## PROBLEM TO WORK ON
Wherever a picture sits, omit it. Output the rest of the listing exactly.

** DATA EXCERPTS follows **

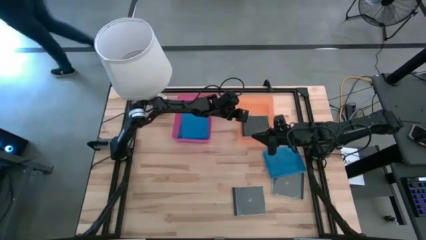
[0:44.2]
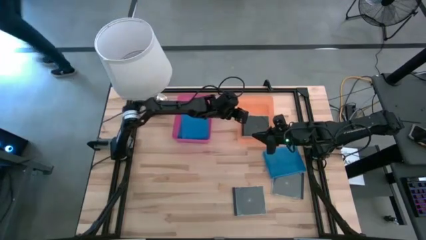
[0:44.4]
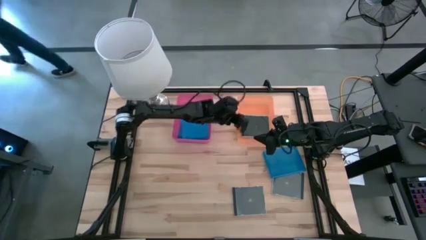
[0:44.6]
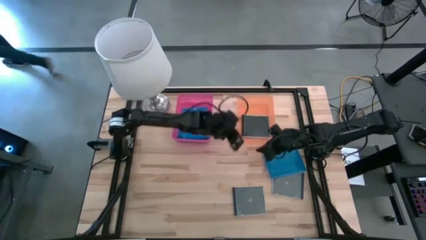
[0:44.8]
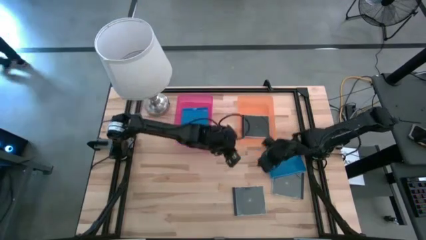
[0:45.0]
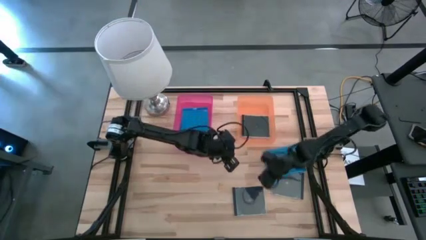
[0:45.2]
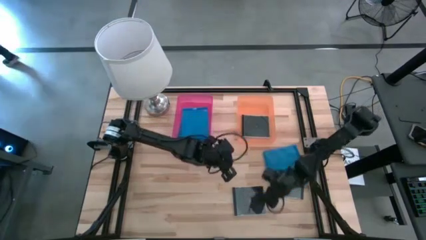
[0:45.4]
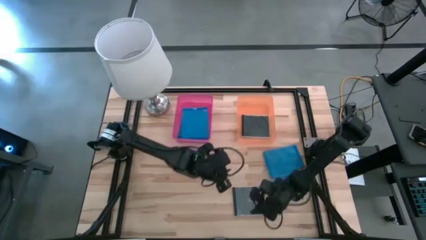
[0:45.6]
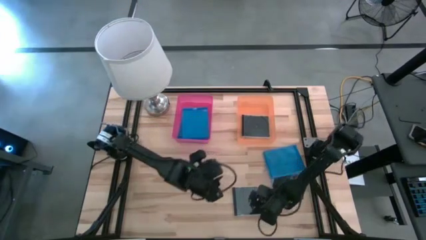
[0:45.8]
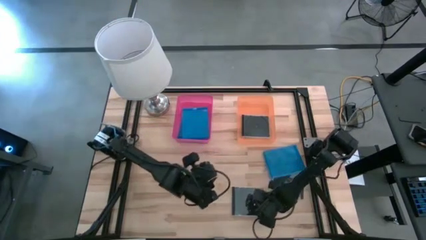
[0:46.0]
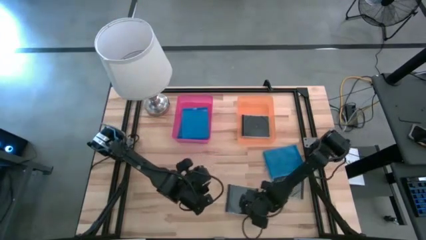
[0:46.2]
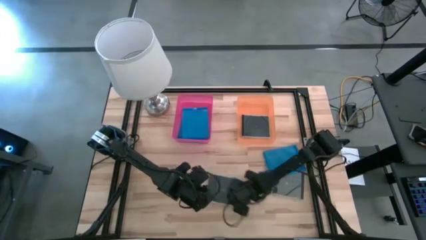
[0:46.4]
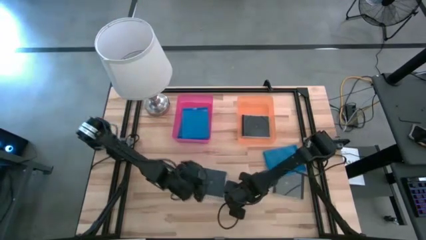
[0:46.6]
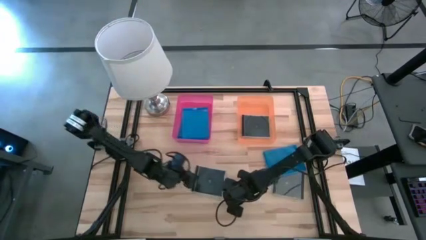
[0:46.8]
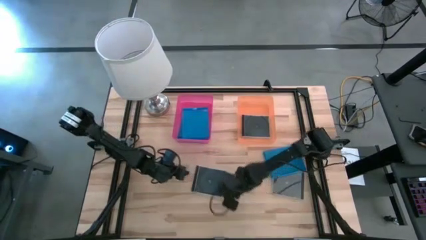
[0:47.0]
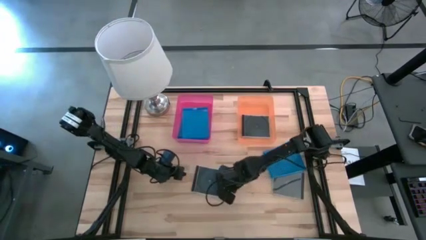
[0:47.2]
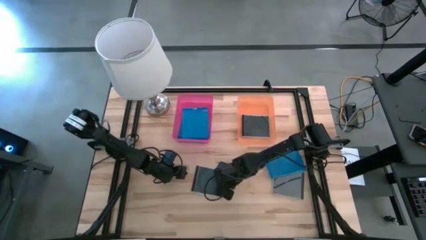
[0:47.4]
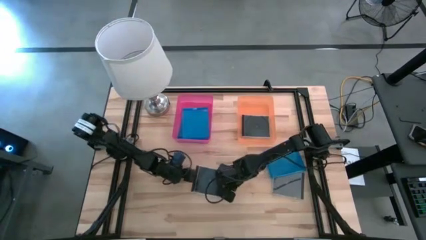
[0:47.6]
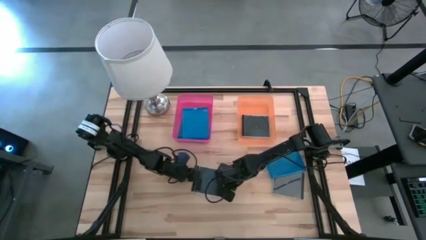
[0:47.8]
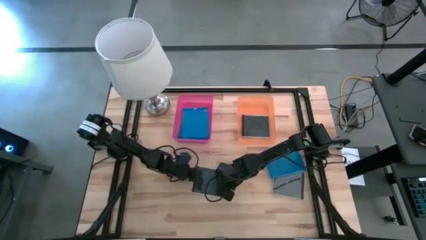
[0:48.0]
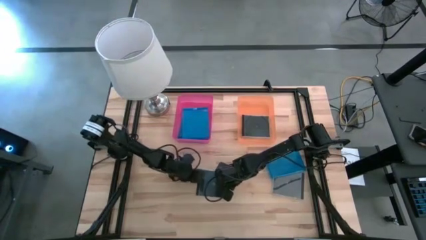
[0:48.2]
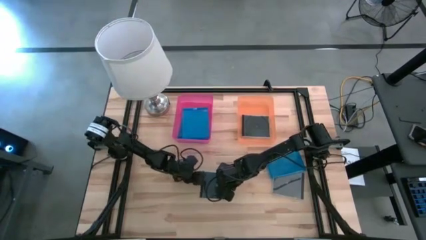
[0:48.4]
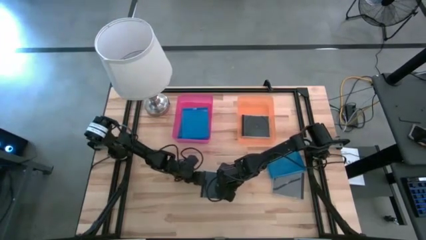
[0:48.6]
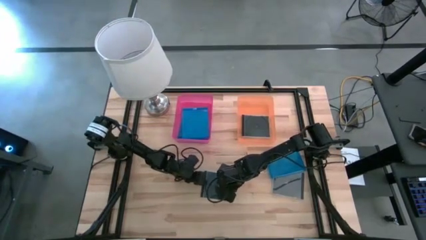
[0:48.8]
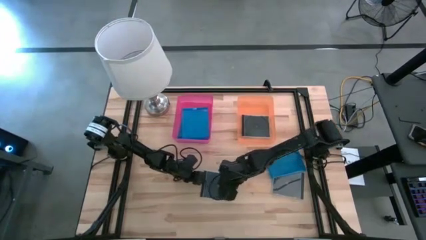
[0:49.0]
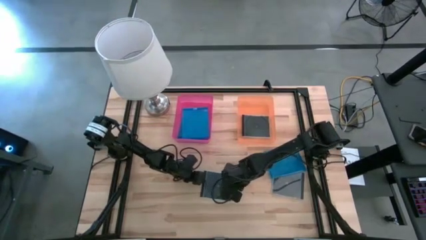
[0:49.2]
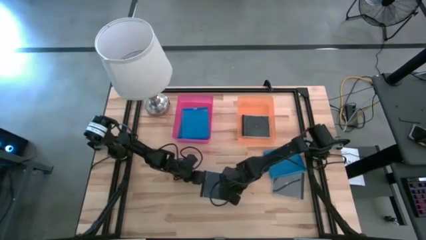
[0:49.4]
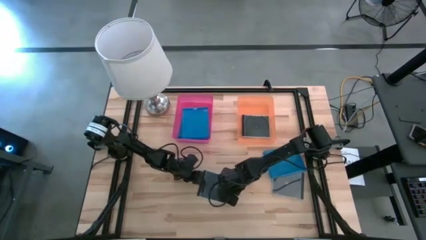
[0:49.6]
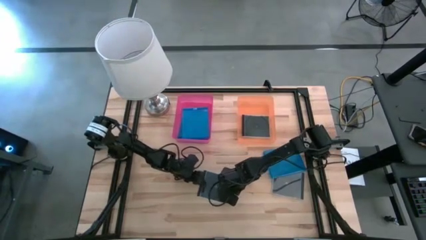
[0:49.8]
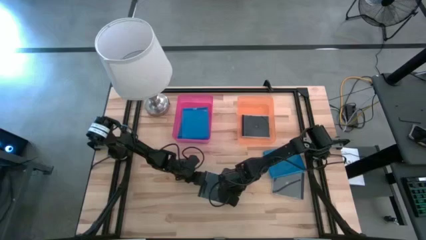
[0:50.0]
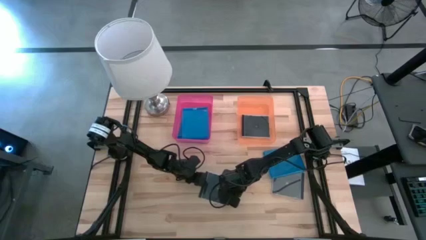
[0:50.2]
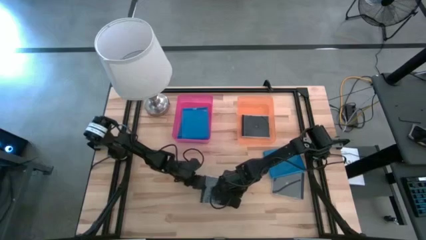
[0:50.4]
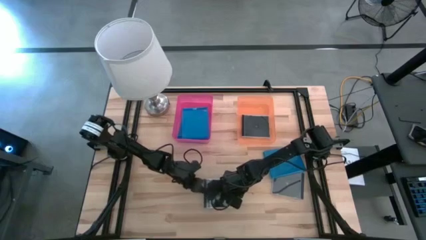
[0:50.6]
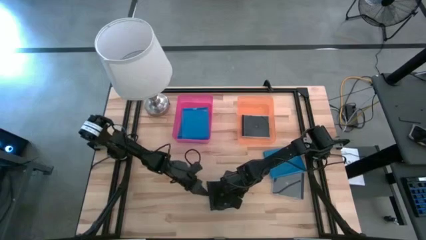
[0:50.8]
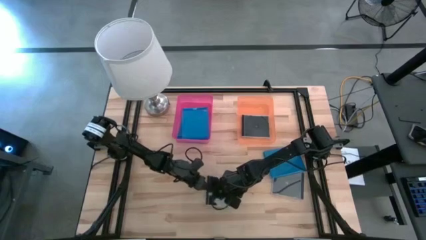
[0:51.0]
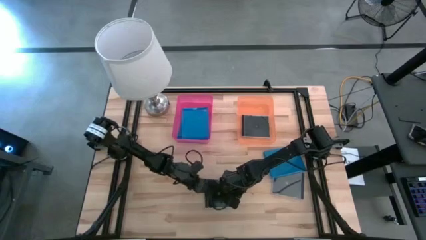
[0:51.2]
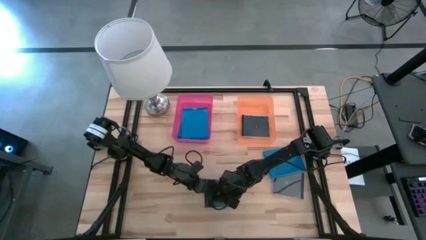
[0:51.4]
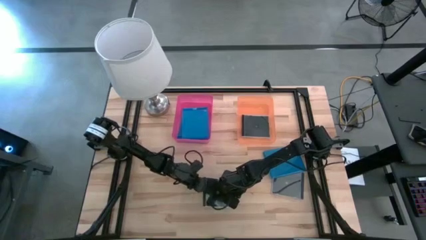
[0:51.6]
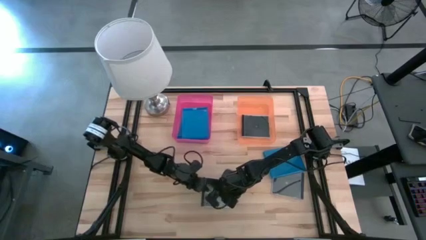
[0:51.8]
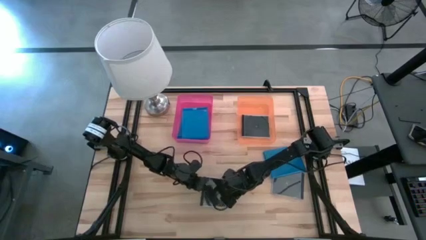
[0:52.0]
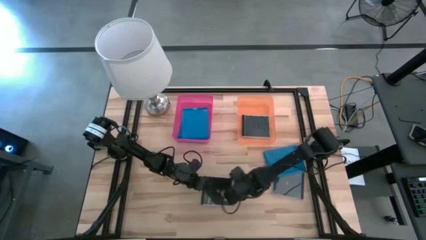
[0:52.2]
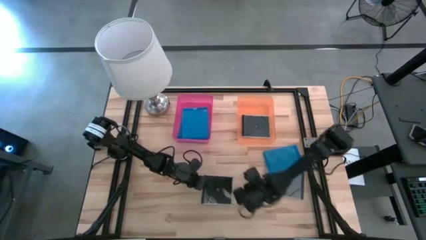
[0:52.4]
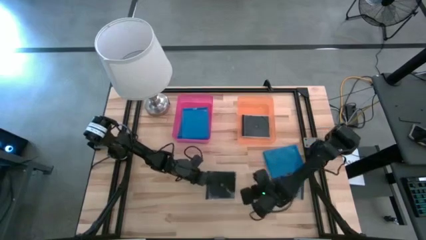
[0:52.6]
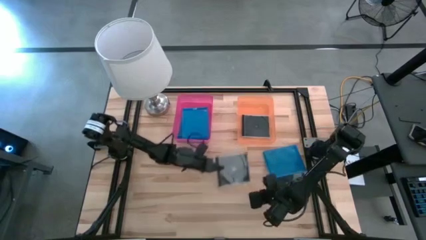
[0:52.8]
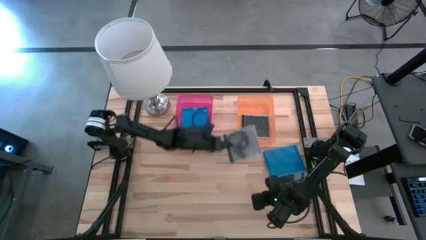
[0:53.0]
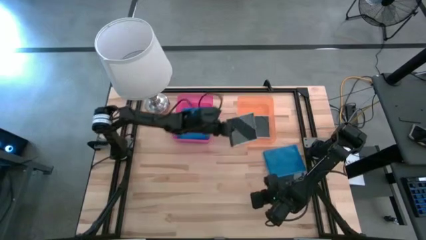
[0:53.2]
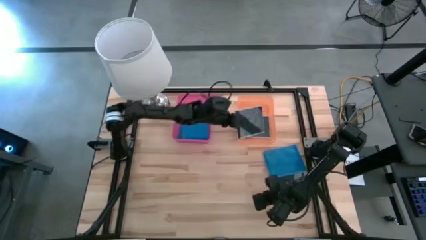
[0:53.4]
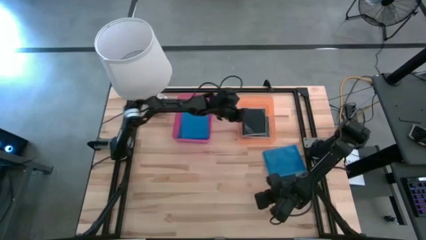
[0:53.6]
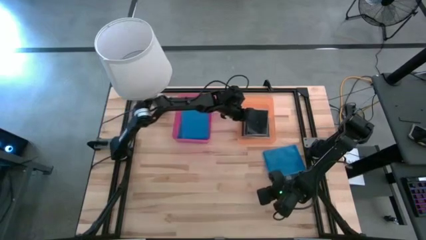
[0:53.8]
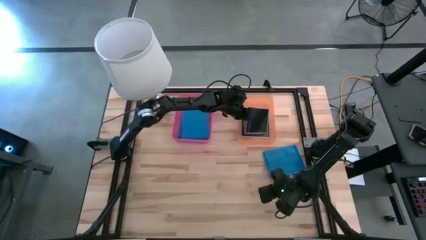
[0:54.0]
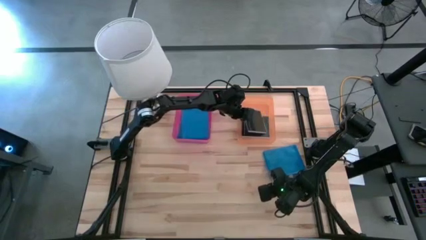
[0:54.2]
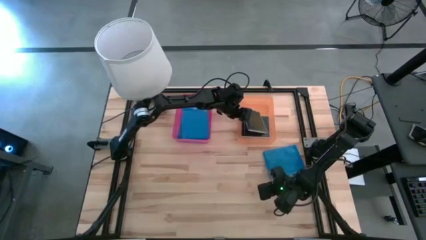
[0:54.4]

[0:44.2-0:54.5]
Task: Pick & place jewel cases by type
Put the left black cd case into the orange bin

** End of DATA EXCERPTS **

## FINISHED EXERCISE
[0:44.2]
[0:44.4]
[0:44.6]
[0:44.8]
[0:45.0]
[0:45.2]
[0:45.4]
[0:45.6]
[0:45.8]
[0:46.0]
[0:46.2]
[0:46.4]
[0:46.6]
[0:46.8]
[0:47.0]
[0:47.2]
[0:47.4]
[0:47.6]
[0:47.8]
[0:48.0]
[0:48.2]
[0:48.4]
[0:48.6]
[0:48.8]
[0:49.0]
[0:49.2]
[0:49.4]
[0:49.6]
[0:49.8]
[0:50.0]
[0:50.2]
[0:50.4]
[0:50.6]
[0:50.8]
[0:51.0]
[0:51.2]
[0:51.4]
[0:51.6]
[0:51.8]
[0:52.0]
[0:52.2]
[0:52.4]
[0:52.6]
[0:52.8]
[0:53.0]
[0:53.2]
[0:53.4]
[0:53.6]
[0:53.8]
[0:54.0]
[0:54.2]
[0:54.4]

[0:44.2-0:54.5]
Task: Pick & place jewel cases by type
Put the left black cd case into the orange bin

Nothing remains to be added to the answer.